See ITKCopyright.txt or http://www.itk.org/HTML/Copyright.htm for details.
Portions of this code are covered under the VTK copyright.
See VTKCopyright.txt or http://www.kitware.com/VTKCopyright.htm for details.
This software is distributed WITHOUT ANY WARRANTY; without even
the implied warranty of MERCHANTABILITY or FITNESS FOR A PARTICULAR
PURPOSE. See the above copyright notices for more information.

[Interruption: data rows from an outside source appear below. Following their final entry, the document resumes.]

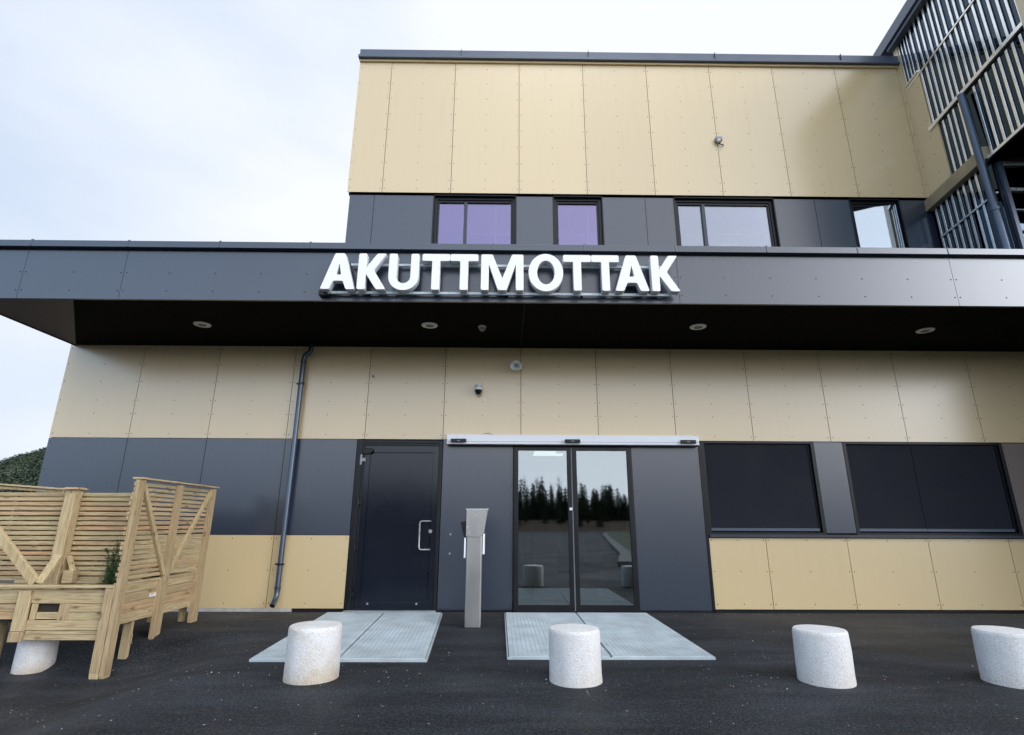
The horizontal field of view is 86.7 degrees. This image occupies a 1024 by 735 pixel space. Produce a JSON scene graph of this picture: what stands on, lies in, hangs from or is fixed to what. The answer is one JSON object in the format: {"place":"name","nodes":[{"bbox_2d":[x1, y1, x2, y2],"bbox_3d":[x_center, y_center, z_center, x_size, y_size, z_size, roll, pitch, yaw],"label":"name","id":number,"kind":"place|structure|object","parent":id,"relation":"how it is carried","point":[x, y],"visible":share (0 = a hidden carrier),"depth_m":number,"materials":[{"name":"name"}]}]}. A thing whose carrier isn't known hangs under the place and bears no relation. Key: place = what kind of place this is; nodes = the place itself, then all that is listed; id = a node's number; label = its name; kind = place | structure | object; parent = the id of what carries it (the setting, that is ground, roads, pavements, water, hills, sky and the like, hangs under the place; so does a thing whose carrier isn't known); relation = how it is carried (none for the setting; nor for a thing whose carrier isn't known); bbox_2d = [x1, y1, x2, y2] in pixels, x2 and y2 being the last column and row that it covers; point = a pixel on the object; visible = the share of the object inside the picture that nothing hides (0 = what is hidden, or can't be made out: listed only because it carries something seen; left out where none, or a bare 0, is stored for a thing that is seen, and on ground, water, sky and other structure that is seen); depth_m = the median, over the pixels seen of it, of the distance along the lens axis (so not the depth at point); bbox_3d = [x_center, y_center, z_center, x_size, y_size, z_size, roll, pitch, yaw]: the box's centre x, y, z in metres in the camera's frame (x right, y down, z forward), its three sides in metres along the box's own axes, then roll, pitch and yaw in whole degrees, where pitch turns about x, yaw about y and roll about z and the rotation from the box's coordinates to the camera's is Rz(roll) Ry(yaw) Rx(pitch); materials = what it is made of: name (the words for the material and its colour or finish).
{"place":"outdoors","nodes":[
{"label":"outdoors","id":0,"kind":"place"},
{"bbox_2d":[149,562,160,577],"bbox_3d":[-4.245,2.400,6.487,0.250,0.314,0.201,0,-16,-1],"label":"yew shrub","id":1,"kind":"object","parent":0,"point":[154,571],"visible":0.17,"depth_m":6.46,"materials":[{"name":"green plant"}]},
{"bbox_2d":[0,0,906,460],"label":"sky","id":2,"kind":"structure","parent":0,"point":[121,120],"materials":[{"name":"white"}]},
{"bbox_2d":[0,574,1023,734],"bbox_3d":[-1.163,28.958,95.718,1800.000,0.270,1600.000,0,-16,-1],"label":"ground","id":3,"kind":"structure","parent":0,"point":[905,656],"depth_m":4.20,"materials":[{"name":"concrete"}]},
{"bbox_2d":[10,627,59,674],"bbox_3d":[-4.933,2.953,5.632,0.346,0.525,0.350,0,-16,-1],"label":"bollard","id":4,"kind":"object","parent":3,"relation":"on","point":[33,656],"visible":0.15,"depth_m":5.50,"materials":[{"name":"white concrete"}]},
{"bbox_2d":[0,483,157,678],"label":"wooden planter","id":5,"kind":"object","parent":3,"relation":"on","point":[53,546],"visible":0.93,"depth_m":5.94,"materials":[{"name":"brown wood"}]},
{"bbox_2d":[98,539,121,584],"bbox_3d":[-4.279,2.112,5.817,0.234,0.532,0.217,-8,-18,25],"label":"yew shrub","id":6,"kind":"object","parent":5,"relation":"on","point":[110,577],"visible":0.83,"depth_m":5.80,"materials":[{"name":"green plant"}]},
{"bbox_2d":[77,477,219,678],"bbox_3d":[-4.261,2.332,6.322,0.577,1.945,1.662,0,-16,-1],"label":"wooden planter","id":7,"kind":"object","parent":3,"relation":"on","point":[152,599],"visible":0.99,"depth_m":6.17,"materials":[{"name":"brown wood"}]},
{"bbox_2d":[283,620,341,684],"bbox_3d":[-1.621,2.339,4.421,0.428,0.460,0.431,0,-16,-1],"label":"bollard","id":8,"kind":"object","parent":3,"relation":"on","point":[313,652],"visible":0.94,"depth_m":4.27,"materials":[{"name":"white concrete"}]},
{"bbox_2d":[249,612,442,661],"bbox_3d":[-1.650,3.003,6.151,1.739,0.038,2.654,0,-16,-1],"label":"entrance grating","id":9,"kind":"object","parent":3,"relation":"on","point":[388,637],"visible":0.84,"depth_m":5.78,"materials":[{"name":"grey metal"}]},
{"bbox_2d":[461,509,488,627],"bbox_3d":[-0.475,2.464,6.715,0.348,1.379,0.140,0,-16,-1],"label":"post","id":10,"kind":"object","parent":3,"relation":"on","point":[473,525],"depth_m":6.68,"materials":[{"name":"metal"}]},
{"bbox_2d":[0,49,1023,613],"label":"hospital building","id":11,"kind":"structure","parent":3,"relation":"on","point":[808,419],"depth_m":8.32,"materials":[{"name":"brown"}]},
{"bbox_2d":[193,321,211,327],"bbox_3d":[-4.414,-0.608,7.730,0.232,0.016,0.232,0,-16,-1],"label":"downlight","id":12,"kind":"object","parent":11,"relation":"attached to","point":[202,324],"visible":1,"depth_m":7.71,"materials":[{"name":"white"}]},
{"bbox_2d":[343,440,443,612],"bbox_3d":[-1.714,2.260,7.925,1.307,2.430,0.280,0,-16,-1],"label":"door","id":13,"kind":"structure","parent":11,"relation":"in","point":[393,563],"depth_m":7.95,"materials":[{"name":"blue paint"}]},
{"bbox_2d":[421,322,437,327],"bbox_3d":[-1.174,-0.597,7.724,0.232,0.016,0.232,0,-16,-1],"label":"downlight","id":14,"kind":"object","parent":11,"relation":"attached to","point":[429,325],"visible":1,"depth_m":7.70,"materials":[{"name":"white"}]},
{"bbox_2d":[431,194,515,243],"bbox_3d":[-0.651,-2.023,9.312,1.447,2.038,0.190,0,-16,-1],"label":"window","id":15,"kind":"structure","parent":11,"relation":"in","point":[466,201],"depth_m":9.52,"materials":[{"name":"black glass"}]},
{"bbox_2d":[474,384,482,394],"bbox_3d":[-0.523,0.344,8.449,0.132,0.167,0.161,0,-16,-1],"label":"dome camera","id":16,"kind":"object","parent":11,"relation":"attached to","point":[478,388],"visible":1,"depth_m":8.39,"materials":[{"name":"white plastic"}]},
{"bbox_2d":[478,325,485,330],"bbox_3d":[-0.426,-0.554,7.752,0.111,0.077,0.111,0,-16,-1],"label":"ceiling sensor","id":17,"kind":"object","parent":11,"relation":"attached to","point":[482,327],"visible":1,"depth_m":7.72,"materials":[{"name":"white plastic"}]},
{"bbox_2d":[318,253,679,297],"bbox_3d":[-0.166,-1.157,6.883,4.521,0.544,0.190,0,-16,-1],"label":"sign","id":18,"kind":"object","parent":11,"relation":"attached to","point":[576,264],"visible":1,"depth_m":6.81,"materials":[{"name":"white plastic"}]},
{"bbox_2d":[510,360,521,369],"bbox_3d":[0.062,-0.029,8.536,0.180,0.176,0.213,0,-16,-1],"label":"horn loudspeaker","id":19,"kind":"object","parent":11,"relation":"attached to","point":[515,365],"visible":1,"depth_m":8.48,"materials":[{"name":"grey plastic"}]},
{"bbox_2d":[513,446,639,612],"bbox_3d":[0.912,2.340,8.001,1.793,2.340,0.150,0,-16,-1],"label":"sliding door","id":20,"kind":"structure","parent":11,"relation":"in","point":[575,604],"depth_m":7.89,"materials":[{"name":"black glass"}]},
{"bbox_2d":[552,195,604,244],"bbox_3d":[1.145,-2.011,9.330,0.874,2.038,0.190,0,-16,-1],"label":"window","id":21,"kind":"structure","parent":11,"relation":"in","point":[596,202],"depth_m":9.52,"materials":[{"name":"black glass"}]},
{"bbox_2d":[690,324,706,329],"bbox_3d":[2.656,-0.576,7.743,0.232,0.016,0.232,0,-16,-1],"label":"downlight","id":22,"kind":"object","parent":11,"relation":"attached to","point":[697,326],"visible":1,"depth_m":7.71,"materials":[{"name":"white"}]},
{"bbox_2d":[715,136,723,145],"bbox_3d":[3.750,-4.083,9.780,0.157,0.159,0.098,0,-16,-1],"label":"outdoor sensor","id":23,"kind":"object","parent":11,"relation":"attached to","point":[718,139],"visible":1,"depth_m":9.76,"materials":[{"name":"grey plastic"}]},
{"bbox_2d":[673,197,780,246],"bbox_3d":[3.716,-1.993,9.356,1.777,2.038,0.190,0,-16,-1],"label":"window","id":24,"kind":"structure","parent":11,"relation":"in","point":[701,203],"depth_m":9.57,"materials":[{"name":"grey glass"}]},
{"bbox_2d":[700,441,826,534],"bbox_3d":[3.762,1.821,8.237,1.745,1.370,0.170,0,-16,-1],"label":"window","id":25,"kind":"structure","parent":11,"relation":"in","point":[761,488],"depth_m":8.18,"materials":[{"name":"black glass"}]},
{"bbox_2d":[847,198,909,247],"bbox_3d":[6.380,-1.976,9.376,0.894,2.038,0.204,0,-16,-1],"label":"window","id":26,"kind":"structure","parent":11,"relation":"in","point":[893,207],"depth_m":9.57,"materials":[{"name":"black glass"}]},
{"bbox_2d":[916,328,934,333],"bbox_3d":[5.985,-0.531,7.854,0.232,0.016,0.232,0,-16,-1],"label":"downlight","id":27,"kind":"object","parent":11,"relation":"attached to","point":[923,330],"visible":1,"depth_m":7.83,"materials":[{"name":"white"}]},
{"bbox_2d":[842,442,1023,535],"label":"window","id":28,"kind":"structure","parent":11,"relation":"in","point":[896,488],"depth_m":8.21,"materials":[{"name":"black glass"}]},
{"bbox_2d":[27,612,1015,728],"bbox_3d":[0.914,2.888,5.210,13.975,0.281,4.912,0,-16,-1],"label":"grit","id":29,"kind":"object","parent":3,"relation":"on","point":[481,674],"visible":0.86,"depth_m":4.49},
{"bbox_2d":[549,623,601,687],"bbox_3d":[0.509,2.337,4.371,0.419,0.453,0.419,0,-16,-1],"label":"bollard","id":30,"kind":"object","parent":3,"relation":"on","point":[574,655],"visible":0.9,"depth_m":4.22,"materials":[{"name":"white concrete"}]},
{"bbox_2d":[504,612,715,659],"bbox_3d":[0.894,3.037,6.234,1.969,0.038,2.574,0,-16,-1],"label":"entrance grating","id":31,"kind":"object","parent":3,"relation":"on","point":[634,636],"visible":0.77,"depth_m":5.84,"materials":[{"name":"grey metal"}]},
{"bbox_2d":[792,624,856,688],"bbox_3d":[2.515,2.349,4.381,0.418,0.451,0.419,0,-16,-1],"label":"bollard","id":32,"kind":"object","parent":3,"relation":"on","point":[823,656],"visible":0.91,"depth_m":4.24,"materials":[{"name":"white concrete"}]},
{"bbox_2d":[873,0,1023,248],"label":"glazed wing","id":33,"kind":"structure","parent":3,"relation":"on","point":[961,69],"depth_m":8.56,"materials":[{"name":"grey metal"}]},
{"bbox_2d":[971,625,1023,688],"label":"bollard","id":34,"kind":"object","parent":3,"relation":"on","point":[999,651],"visible":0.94,"depth_m":4.27,"materials":[{"name":"white concrete"}]},
{"bbox_3d":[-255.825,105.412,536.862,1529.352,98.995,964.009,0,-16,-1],"label":"hill","id":35,"kind":"structure","parent":0,"visible":0},
{"bbox_2d":[0,447,46,491],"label":"forest","id":36,"kind":"object","parent":35,"relation":"on","point":[22,469],"visible":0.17,"depth_m":419.24,"materials":[{"name":"green plant"}]}
]}

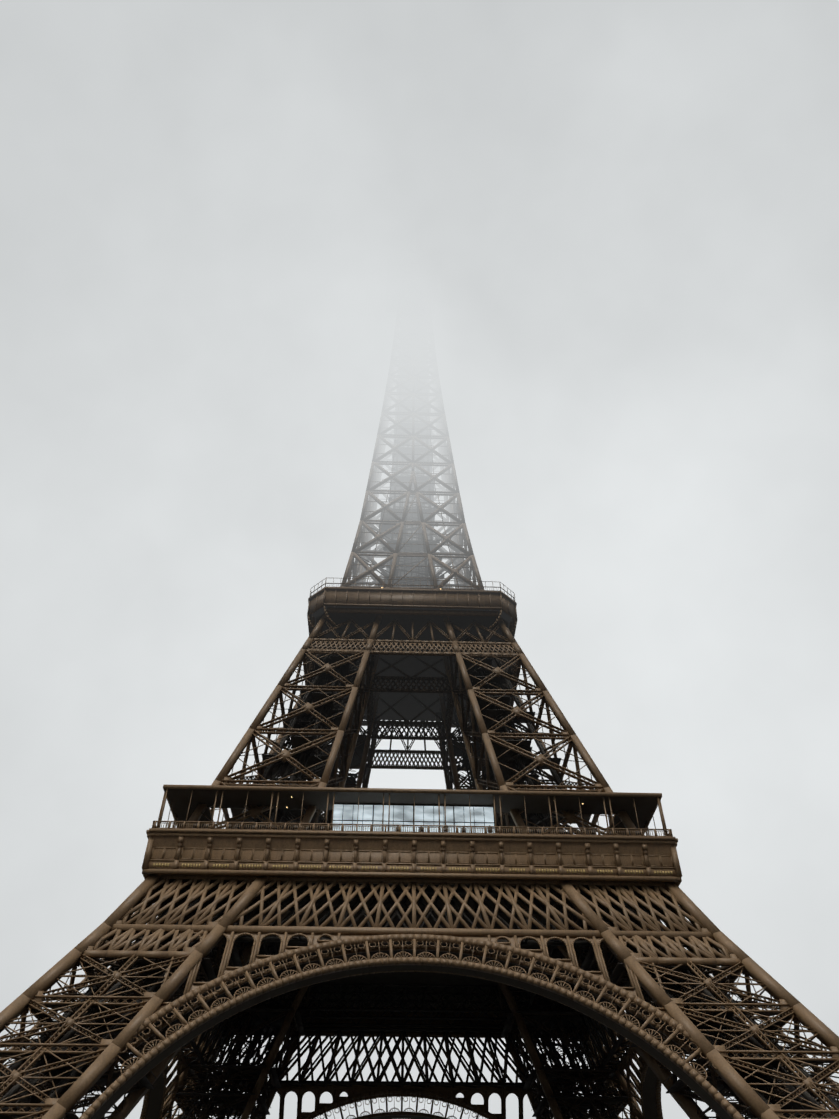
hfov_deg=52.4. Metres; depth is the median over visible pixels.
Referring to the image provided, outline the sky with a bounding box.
[0,0,838,1118]
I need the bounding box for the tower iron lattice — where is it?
[0,275,838,1118]
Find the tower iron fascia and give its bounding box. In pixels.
[307,589,516,666]
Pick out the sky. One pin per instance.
(628, 209)
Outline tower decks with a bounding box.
[165,261,659,1008]
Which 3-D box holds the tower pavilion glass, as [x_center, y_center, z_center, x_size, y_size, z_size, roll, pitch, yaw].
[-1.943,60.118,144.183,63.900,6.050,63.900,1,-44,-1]
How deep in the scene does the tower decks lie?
153.26 m
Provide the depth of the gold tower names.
113.20 m
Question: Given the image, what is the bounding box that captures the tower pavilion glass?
[333,804,494,832]
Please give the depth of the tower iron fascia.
166.77 m
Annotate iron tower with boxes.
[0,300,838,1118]
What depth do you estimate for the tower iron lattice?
113.28 m
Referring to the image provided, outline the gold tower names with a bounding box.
[153,863,672,874]

=========================================================================*/
#ifndef __itkMesh_h
#define __itkMesh_h
#if defined(_MSC_VER)
#pragma warning ( disable : 4786 )
#endif
#include "itkPointSet.h"
#include "itkCellInterface.h"
#include "itkMapContainer.h"
#include <vector>
#include <set>
namespace itk
{
/**
* Due to a bug in MSVC, an enum value cannot be accessed out of a template
* parameter until the template class opens. In order for templated classes
* to access the dimension of an image template parameter in defining their
* own dimension, this class is needed as a work-around.
*/
template <typename TMesh>
struct GetMeshDimension
{
itkStaticConstMacro(MaxTopologicalDimension, unsigned int, TMesh::MaxTopologicalDimension);
itkStaticConstMacro(PointDimension, unsigned int, TMesh::PointDimension);
};
/** \class Mesh
* \brief Implements the N-dimensional mesh structure.
*
* \par Overview
* Mesh implements the N-dimensional mesh structure for ITK. It provides
* an API to perform operations on points, cells, boundaries, etc., but
* does not tie down the underlying implementation and storage. A
* "MeshTraits" structure is used to define the container and identifier
* types that will be used to access the mesh. See DefaultStaticMeshTraits
* for the set of type definitions needed. All types that are defined
* in the "MeshTraits" structure will have duplicate typedefs in the resulting
* mesh itself.
*
* Mesh is an adaptive, evolving structure. Typically points and cells
* are created, with the cells referring to their defining points. If
* additional topological information is required, then BuildCellLinks() is
* called and links from the points back to the cells that use them are
* created. This allows implicit topological information about the faces
* and edges of the cells to be determined. (For example, a "face" neighbor
* to a cell can be determined by intersection the sets of cells that use
* the points defining the face. This is an inherent assumption on the
* manifold relationship of the cells in the mesh.) In some cases, either
* because the mesh is non-manifold, because we wish to explicitly store
* information with the faces and edges of the mesh, or because performance
* requirements demand that boundaries are explicitly represented (the set
* intersection does not need to be performed); then Mesh can be further
* extended by adding explicit boundary assignments.
*
* \par Usage
* Mesh has three template parameters. The first is the pixel type, or the
* type of data stored (optionally) with points, cells, and/or boundaries.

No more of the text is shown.